PI Webinar Feb 2026 001 2026 02

This webinar brought colleagues from IN-CJ and the Probation Institute together to examine what “digital rehabilitation” means in practice across prisons, probation, and courts. Rather than treating technology as a straightforward upgrade, the discussion repeatedly returned to the question of who benefits, who is left behind, and what kinds of institutional cultures are needed for digital tools to support rehabilitation rather than simply extend control. The discussion was facilitated by Dr Victoria Knight, associate professor at De Montfort University.

Dr Bianca Reisdorf opened by positioning digital access and digital literacy as practical necessities for social participation, not optional extras. Her account emphasised that “digital rehabilitation” is not synonymous with providing devices. It is a wider capability question about whether people can build and sustain the skills, confidence, and practical access needed to navigate contemporary systems after release.

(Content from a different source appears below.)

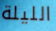
الليلة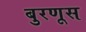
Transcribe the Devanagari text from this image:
बुरणूस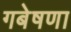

A recurring theme was that digital initiatives often fail when decisions are made at senior levels without close engagement with staff and the lived realities of custody. The point was not that innovation should slow down, but that implementation must be grounded in the conditions people actually face, including uneven literacy, limited connectivity, and risk-led institutional constraints.

The second contribution, from Dr Sarah-Elison Davis and Glynn Davis, focused on the Breaking Free programme as a practical example of digital delivery in substance use disorder treatment. They described how digital formats can draw in people who do not typically engage with group-based interventions, particularly when the content is designed for the prison context rather than imported wholesale from community settings.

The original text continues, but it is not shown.